Another change is to expand the types of repair and include towing costs in losses covered by Third Party Property Damage Coverage so as to provide adequate protection to insurance consumers.
Increase in Reward for Reporting Insurance Fraud
The maximum reward for reporting insurance fraud has been raised from KRW 1 billion to KRW 2 billion since January 2023 in order to encourage the reporting of insurance fraud and curb fraudulent insurance claims. When an insurance claim is filed, a notification message is sent to the claimant regarding the reporting of insurance fraud.

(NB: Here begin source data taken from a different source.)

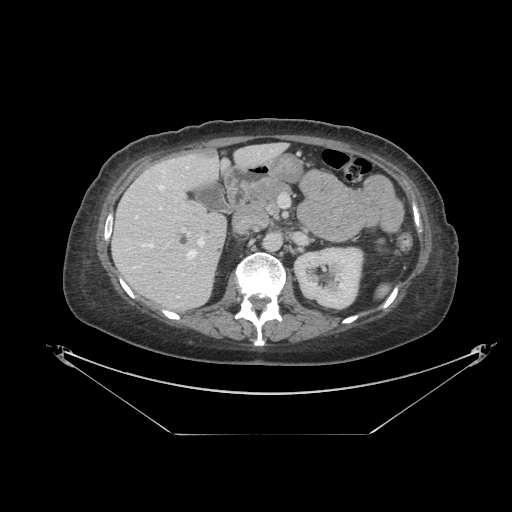 CT scan slice. Abdomen. 512x512 px.

Pancreas = box(249, 180, 289, 214).
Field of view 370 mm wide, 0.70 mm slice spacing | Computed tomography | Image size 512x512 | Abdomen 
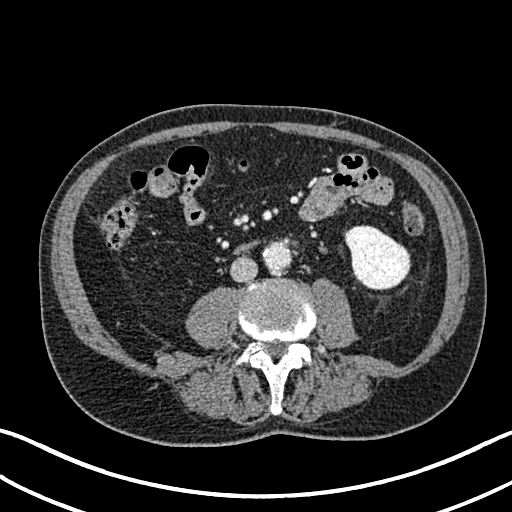

kidney:
  - left=346, top=226, right=409, bottom=288
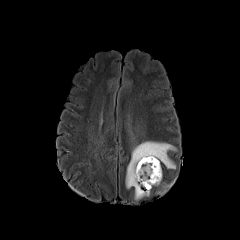
FLAIR MR.
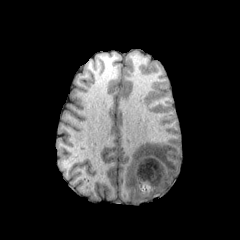
Same slice, T1-weighted MR image.
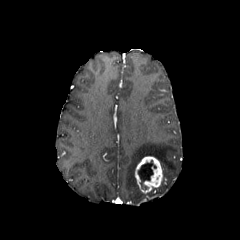
Same slice, post-contrast T1-weighted magnetic resonance.
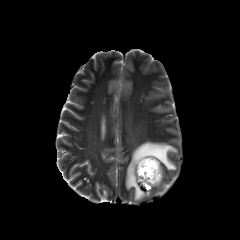
T2-weighted MR image.
Head
• edema: l=125, t=142, r=176, b=200
• enhancing tumor: l=134, t=155, r=163, b=193
• non-enhancing tumor core: l=138, t=160, r=153, b=185
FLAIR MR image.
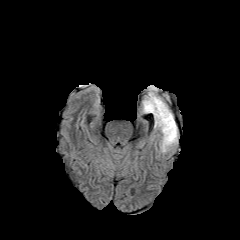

This will help raise public awareness of insurance scams.
False or inflated claims are a serious issue for the insurance industry. Insurance fraud is a crime committed against or by an insurance company or agent for profit. It is essential for the industry to work closely together with supervisory authorities to detect fraudulent claims arising from the dishonest intent of policyholders who expect to make financial gains from their insurance policies and the collusion of insurance professionals, agents, doctors, medical service providers, and car repair shops.